How is a Bow Made?

How is a Bow Made?

The violin wouldn’t be much without a bow, and yet until last century, it was considered almost an accessory along with the case and the tuning fork. Having said that, there have always been bows of exceptional craftsmanship and beauty admired by those with eyes to see. Learn more about how bows are crafted below!

What is a violin, viola, cello or double bass bow made from?

Traditionally, violin, viola, cello and double bass bows were crafted with pernambuco, the preferred timber of archetiers (bow makers). It is becoming increasingly scarce due to international treaty restricting export from Brazil because it is listed as an endangered species. 

Archetiers are constantly experimenting with different materials. Brazilwood has become a popular alternative for student and intermediate level bows.

Both brazilwood and pernambuco are taken from the same species of tree: “Pau Brasil”, AKA “Caesalphina Echinata”. The loggers only refer to the timber as brazilwood, but bow makers divide the timber between the not-so-dense core or “heart wood” (pernambuco) which is prized more highly, and the more dense outer layer of “sap wood” (brazilwood). Both parts of the tree are excellent for bow making, but the outer is not considered as valuable. However, there is plenty of very good quality brazilwood used in bows. 

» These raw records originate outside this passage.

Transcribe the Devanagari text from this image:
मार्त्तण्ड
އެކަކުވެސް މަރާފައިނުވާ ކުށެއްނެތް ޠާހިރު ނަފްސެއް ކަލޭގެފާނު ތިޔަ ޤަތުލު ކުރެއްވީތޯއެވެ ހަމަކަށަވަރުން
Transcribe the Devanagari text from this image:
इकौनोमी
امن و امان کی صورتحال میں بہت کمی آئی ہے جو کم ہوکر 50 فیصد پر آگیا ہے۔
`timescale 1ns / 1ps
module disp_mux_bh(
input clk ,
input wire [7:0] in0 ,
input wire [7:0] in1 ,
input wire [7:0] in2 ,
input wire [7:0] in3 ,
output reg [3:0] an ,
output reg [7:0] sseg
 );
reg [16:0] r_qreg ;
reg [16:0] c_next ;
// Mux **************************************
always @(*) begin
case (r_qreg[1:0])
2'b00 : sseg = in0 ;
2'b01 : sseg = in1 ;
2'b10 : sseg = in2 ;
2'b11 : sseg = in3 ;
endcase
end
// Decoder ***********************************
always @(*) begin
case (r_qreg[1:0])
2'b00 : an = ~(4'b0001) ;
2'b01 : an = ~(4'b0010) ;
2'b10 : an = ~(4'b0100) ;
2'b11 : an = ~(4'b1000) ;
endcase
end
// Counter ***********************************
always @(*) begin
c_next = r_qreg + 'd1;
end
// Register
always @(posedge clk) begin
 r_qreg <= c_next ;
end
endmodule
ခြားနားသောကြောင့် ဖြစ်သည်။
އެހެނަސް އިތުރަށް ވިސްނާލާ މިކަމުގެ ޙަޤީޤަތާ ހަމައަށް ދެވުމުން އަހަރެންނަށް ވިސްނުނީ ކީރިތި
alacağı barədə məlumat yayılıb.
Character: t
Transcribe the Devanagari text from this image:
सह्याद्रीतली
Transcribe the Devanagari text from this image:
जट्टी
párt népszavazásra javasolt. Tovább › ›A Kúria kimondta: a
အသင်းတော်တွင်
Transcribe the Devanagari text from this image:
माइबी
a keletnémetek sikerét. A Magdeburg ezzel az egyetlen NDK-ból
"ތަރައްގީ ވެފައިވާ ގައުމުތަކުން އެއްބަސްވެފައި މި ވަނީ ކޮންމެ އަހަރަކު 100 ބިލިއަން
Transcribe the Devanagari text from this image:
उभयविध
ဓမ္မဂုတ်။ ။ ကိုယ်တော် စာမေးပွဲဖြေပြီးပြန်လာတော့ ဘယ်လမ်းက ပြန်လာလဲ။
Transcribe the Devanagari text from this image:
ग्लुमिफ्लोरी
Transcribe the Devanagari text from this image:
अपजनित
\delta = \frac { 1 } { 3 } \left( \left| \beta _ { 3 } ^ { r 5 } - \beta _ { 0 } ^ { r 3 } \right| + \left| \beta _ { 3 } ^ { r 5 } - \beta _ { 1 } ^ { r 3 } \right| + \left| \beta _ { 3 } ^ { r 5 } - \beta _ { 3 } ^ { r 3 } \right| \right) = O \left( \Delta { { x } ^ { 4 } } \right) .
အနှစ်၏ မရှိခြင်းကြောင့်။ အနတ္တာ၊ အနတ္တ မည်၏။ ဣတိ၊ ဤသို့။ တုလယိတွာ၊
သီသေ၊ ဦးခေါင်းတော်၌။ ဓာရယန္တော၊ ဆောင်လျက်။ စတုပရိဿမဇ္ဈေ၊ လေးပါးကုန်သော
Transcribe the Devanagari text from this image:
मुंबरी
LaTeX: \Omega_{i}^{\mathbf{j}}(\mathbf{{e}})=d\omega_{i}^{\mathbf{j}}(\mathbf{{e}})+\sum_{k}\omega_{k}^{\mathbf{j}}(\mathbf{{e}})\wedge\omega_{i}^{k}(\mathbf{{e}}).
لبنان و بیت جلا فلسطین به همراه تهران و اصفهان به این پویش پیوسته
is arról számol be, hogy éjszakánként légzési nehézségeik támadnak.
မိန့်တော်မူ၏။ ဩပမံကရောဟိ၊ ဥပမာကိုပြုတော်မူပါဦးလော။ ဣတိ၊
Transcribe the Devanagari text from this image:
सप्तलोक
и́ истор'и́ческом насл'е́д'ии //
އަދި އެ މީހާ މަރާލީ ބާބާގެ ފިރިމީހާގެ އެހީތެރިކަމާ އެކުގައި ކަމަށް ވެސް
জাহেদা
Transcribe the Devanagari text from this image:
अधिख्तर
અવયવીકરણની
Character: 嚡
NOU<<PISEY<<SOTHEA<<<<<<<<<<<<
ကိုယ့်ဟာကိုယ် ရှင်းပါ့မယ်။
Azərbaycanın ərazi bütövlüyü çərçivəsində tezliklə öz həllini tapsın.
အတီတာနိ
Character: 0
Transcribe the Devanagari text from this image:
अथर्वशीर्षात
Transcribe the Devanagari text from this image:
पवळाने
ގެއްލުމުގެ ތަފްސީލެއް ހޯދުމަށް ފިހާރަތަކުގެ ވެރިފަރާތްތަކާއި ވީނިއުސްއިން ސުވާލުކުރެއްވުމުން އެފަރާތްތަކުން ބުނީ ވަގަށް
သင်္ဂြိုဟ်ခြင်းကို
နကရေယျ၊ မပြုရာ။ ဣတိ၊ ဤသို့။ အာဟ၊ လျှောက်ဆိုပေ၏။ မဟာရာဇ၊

Snakewood (also called amourette): True snakewood is regarded as the world’s rarest commercially available species of wood, although not listed as endangered at this point. Like the pau brasil tree, it is from South America. Snakewood  has always been a favourite for baroque bows, partly because it is fairly similar to pernambuco in performance, but a little less athletic due to a slightly lower elasticity. This would suit the baroque style of playing. 

Ipe wood is a very dense, resilient wood that is very popular for architectural use because its fire rating is similar to concrete and steel, and it has amazing longevity in outdoor projects. Bow makers use it for its hardness and flexibility, and it looks very nice: it’s often referred to as Brazilian walnut. although very dense, it’s also fairly lightweight compared to other similar woods, making it a great choice for bows.

Bow materials.

Image: Pernambuco, Brazilwood, Ipe and Snakewood bows.

Carbon fibre bows are becoming quite popular. Carbon fibre (also called graphite fibre or carbon graphite) is commonly made from polyacrylonitrile. It is extremely strong, lightweight and appropriately flexible for bow making. It is often used to replace steel in aircraft, sporting equipment, motor vehicles and much more. Most bows made with carbon fibre have a moulded carbon fibre tube, but many also have braided carbon fibre inside, or other components such as kevlar.  They perform wonderfully well and can often be a great choice, especially for travellers because they stand up to a variety of conditions. 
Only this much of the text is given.